Tuesday, August 28, 2007


Today would’ve been my mother’s 76th birthday. If she were alive, I would call her and apologize for not sending a gift in time. I was always chronically late sending her gifts, because I suffered from “gift anxiety” brought on by my inability to compete with Mom’s incomparable talent for gift giving. She had a gift (for gift giving)—the ability to pick out just the right thing, the sensitivity to know what would make the recipient most happy, the uncanny knack for surprise. But I didn’t inherit that gene, so I usually succumbed to defeat, sending belated flowers or picking out some item that she probably didn’t need and never used.

Yet, I realize now that, in spite of my gift-giving inadequacies, I managed to give my mom one present that endlessly delighted her: grandchildren. I am the only fertile one amongst her progeny, my sister being a Poor Clare nun and my brother being a happily married father of multiple cats. Thus, Nathaniel and Eliana received her undivided grandparental love.

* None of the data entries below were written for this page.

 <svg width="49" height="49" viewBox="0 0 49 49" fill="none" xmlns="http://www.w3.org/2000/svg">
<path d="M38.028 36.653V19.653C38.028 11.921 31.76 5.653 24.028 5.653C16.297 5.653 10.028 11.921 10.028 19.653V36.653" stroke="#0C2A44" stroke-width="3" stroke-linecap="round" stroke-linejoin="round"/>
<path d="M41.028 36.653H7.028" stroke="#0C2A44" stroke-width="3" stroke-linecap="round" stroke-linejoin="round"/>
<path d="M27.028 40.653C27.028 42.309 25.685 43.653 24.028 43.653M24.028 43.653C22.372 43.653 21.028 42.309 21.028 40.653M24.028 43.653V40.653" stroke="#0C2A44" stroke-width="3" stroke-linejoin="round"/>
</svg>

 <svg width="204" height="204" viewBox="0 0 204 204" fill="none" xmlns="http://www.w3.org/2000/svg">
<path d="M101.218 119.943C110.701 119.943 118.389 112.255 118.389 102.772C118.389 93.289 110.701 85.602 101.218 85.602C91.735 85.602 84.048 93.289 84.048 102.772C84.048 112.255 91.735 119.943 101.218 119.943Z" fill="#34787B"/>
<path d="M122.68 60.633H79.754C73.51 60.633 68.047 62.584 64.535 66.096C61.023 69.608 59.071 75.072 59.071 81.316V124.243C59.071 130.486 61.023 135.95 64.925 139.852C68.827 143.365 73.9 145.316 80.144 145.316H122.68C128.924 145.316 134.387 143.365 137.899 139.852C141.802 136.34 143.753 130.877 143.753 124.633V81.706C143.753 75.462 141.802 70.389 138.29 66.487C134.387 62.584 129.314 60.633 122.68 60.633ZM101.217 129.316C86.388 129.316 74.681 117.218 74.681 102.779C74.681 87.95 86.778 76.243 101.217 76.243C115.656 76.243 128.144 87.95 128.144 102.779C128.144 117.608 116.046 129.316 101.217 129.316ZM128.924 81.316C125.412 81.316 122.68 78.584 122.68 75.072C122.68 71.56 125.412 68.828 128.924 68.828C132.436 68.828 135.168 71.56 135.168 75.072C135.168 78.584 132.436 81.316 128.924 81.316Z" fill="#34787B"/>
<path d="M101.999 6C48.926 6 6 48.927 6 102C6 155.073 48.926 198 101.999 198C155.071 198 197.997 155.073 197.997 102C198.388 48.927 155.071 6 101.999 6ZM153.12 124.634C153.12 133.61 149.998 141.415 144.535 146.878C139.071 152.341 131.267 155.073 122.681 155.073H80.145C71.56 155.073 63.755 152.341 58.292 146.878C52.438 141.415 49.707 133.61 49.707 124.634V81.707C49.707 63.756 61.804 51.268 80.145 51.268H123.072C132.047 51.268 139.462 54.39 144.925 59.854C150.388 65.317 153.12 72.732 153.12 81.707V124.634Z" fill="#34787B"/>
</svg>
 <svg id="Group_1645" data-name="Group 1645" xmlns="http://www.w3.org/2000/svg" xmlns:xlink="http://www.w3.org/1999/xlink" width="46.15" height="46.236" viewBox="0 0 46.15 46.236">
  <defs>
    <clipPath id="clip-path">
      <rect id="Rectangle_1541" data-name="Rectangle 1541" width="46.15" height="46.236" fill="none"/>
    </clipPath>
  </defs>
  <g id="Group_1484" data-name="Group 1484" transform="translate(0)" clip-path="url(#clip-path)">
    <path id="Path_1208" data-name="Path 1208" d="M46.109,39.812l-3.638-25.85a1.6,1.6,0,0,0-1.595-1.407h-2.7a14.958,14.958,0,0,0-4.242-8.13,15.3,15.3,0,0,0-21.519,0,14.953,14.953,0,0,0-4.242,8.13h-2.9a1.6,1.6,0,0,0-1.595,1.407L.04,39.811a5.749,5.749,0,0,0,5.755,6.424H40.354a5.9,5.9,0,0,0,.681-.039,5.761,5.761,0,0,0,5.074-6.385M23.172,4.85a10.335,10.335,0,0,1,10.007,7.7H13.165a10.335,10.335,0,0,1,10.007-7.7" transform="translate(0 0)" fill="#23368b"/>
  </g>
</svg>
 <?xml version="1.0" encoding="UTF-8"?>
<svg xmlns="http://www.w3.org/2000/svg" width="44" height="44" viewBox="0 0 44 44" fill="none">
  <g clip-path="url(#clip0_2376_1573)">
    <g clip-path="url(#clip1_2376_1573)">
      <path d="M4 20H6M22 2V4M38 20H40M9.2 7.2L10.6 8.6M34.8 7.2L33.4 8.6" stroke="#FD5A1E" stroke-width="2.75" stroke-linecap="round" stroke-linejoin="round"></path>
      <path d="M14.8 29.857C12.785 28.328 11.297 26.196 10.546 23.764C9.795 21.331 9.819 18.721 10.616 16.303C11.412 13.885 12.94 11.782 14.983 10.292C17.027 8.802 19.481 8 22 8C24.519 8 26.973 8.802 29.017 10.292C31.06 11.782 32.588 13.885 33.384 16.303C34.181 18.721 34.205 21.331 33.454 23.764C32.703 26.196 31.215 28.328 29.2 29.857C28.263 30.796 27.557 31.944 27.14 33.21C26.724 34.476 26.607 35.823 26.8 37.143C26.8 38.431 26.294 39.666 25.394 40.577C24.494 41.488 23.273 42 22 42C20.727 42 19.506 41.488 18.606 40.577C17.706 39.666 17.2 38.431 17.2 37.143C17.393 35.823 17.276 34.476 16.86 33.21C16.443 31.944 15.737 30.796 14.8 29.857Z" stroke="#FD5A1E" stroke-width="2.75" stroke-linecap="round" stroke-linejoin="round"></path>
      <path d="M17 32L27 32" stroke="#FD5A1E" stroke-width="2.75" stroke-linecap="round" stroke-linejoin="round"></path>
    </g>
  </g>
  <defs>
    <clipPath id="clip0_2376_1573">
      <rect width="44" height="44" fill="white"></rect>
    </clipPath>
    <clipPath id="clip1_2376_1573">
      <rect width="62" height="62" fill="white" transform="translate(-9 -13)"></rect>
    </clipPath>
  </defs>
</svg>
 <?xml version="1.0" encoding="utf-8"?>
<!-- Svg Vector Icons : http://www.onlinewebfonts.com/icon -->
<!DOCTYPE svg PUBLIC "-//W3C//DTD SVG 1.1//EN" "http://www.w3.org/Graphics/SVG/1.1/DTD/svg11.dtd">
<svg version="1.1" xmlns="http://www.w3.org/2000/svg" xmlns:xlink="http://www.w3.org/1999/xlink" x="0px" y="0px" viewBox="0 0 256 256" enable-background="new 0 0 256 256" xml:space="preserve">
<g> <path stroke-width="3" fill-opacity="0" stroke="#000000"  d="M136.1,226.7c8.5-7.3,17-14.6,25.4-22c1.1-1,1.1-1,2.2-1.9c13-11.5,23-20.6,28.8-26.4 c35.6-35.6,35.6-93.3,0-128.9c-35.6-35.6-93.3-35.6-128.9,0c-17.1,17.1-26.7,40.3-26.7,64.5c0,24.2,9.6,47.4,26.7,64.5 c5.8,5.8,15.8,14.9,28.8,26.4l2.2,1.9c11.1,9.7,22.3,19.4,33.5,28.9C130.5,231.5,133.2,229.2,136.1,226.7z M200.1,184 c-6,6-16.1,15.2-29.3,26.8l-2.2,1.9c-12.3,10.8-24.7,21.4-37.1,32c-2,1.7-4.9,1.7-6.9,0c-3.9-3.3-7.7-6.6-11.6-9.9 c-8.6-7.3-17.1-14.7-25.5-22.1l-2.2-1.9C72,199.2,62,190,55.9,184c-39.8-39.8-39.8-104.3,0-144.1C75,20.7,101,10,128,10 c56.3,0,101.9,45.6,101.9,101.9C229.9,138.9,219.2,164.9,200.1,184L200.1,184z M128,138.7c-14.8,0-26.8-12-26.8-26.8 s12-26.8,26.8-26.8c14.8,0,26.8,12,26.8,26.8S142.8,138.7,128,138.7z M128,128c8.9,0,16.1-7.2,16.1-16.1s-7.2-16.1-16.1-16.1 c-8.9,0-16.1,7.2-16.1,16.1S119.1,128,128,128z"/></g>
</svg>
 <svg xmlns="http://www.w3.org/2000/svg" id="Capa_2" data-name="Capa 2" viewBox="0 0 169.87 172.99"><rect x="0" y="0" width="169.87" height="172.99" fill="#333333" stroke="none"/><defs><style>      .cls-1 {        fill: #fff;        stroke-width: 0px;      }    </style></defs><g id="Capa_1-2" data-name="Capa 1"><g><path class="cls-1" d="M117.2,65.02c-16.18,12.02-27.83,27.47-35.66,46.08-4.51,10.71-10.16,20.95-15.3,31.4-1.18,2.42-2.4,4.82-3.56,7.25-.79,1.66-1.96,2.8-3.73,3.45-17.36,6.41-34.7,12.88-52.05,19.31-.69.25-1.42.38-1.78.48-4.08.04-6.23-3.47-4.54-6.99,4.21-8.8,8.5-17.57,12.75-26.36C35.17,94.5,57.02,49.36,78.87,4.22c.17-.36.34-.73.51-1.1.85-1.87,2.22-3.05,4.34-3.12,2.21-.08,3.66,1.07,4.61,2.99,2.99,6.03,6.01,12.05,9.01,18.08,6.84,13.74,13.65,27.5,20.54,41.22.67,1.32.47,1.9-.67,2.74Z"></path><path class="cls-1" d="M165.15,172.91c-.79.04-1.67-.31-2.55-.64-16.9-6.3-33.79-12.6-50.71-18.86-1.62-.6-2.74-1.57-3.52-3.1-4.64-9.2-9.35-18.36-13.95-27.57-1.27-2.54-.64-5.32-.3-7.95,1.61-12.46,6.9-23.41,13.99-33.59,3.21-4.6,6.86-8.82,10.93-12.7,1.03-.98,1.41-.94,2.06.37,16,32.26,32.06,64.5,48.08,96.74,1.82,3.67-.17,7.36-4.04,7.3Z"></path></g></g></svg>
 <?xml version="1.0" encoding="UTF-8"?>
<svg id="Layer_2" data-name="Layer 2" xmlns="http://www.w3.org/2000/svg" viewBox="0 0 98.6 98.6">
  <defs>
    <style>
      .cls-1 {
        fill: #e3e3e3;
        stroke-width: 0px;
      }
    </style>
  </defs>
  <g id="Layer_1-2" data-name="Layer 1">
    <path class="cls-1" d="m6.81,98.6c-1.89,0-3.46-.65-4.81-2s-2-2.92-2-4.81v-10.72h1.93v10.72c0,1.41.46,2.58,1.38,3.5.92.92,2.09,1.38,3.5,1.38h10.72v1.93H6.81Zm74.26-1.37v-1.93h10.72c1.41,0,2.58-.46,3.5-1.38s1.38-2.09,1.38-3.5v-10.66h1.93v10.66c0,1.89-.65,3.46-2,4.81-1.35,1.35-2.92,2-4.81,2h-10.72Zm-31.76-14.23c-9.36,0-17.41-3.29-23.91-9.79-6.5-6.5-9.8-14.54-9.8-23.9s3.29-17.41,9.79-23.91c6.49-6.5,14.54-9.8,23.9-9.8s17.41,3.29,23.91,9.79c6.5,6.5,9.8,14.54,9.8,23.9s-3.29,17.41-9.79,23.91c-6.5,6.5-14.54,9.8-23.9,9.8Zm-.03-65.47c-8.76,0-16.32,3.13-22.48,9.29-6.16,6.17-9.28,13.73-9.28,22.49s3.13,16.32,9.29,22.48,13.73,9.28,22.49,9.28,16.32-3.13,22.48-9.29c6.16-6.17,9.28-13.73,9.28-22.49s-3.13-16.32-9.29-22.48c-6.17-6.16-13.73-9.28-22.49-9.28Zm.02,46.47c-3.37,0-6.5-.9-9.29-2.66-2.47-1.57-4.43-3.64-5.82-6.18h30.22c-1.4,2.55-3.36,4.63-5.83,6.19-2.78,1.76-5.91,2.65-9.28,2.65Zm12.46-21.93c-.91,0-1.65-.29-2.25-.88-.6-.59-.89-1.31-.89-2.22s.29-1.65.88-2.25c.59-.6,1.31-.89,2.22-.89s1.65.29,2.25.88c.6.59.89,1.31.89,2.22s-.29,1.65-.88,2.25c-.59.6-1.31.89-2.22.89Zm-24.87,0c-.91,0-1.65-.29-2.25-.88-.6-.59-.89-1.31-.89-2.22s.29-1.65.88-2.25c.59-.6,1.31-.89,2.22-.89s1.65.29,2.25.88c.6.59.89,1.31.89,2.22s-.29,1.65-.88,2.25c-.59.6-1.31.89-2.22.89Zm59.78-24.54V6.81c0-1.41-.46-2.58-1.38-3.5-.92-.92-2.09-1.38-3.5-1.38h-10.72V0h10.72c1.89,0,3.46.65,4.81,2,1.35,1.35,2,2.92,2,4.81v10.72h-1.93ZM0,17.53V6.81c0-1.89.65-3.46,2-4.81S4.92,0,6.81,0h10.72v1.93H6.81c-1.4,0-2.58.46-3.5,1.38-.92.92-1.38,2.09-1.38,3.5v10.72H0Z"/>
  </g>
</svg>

My mom took every opportunity she could to be with her grandchildren, flying to Abilene even though she was terrified of airplanes. When we went to Albuquerque to visit, she cooked for weeks ahead of time filling her freezer full of all sorts of goodies for the kids—cookies, orange rolls, baked spaghetti, apple pie. When we arrived in the driveway, she came bursting out the front door, covering the kids with kisses and hugs. She kept a treasure trove of surprises for them, so that each day of our visit they were presented with a new game, or bubbles, or books, or crayons. Saying goodbye was always so difficult—I could see the joy ebb in her eyes as visibly as a cloud covering the light of the sun.

Tragically, cancer robbed my mom of her favorite gift. It cruelly cut short the time she had with her only grandchildren. She didn’t live to see Nathaniel finally get his two front teeth (lost prematurely in a driveway toy car accident). She never heard him play in a piano recital or see him become one of the top ten readers at his school. She missed hearing about Eliana’s first day in Kindergarten, and she’ll never know that her granddaughter can ride a horse, play soccer, and sing beautifully. I grieve more over this than anything else: that my mom will not see her grandchildren grow up.

Happy birthday, sweet Grammy Mary Kay. We miss you.


Bezner said...

That was a fantastic post. Nothing like grandparents.


Kelly said...

Very powerful, my wife. This needs to work into something you publish.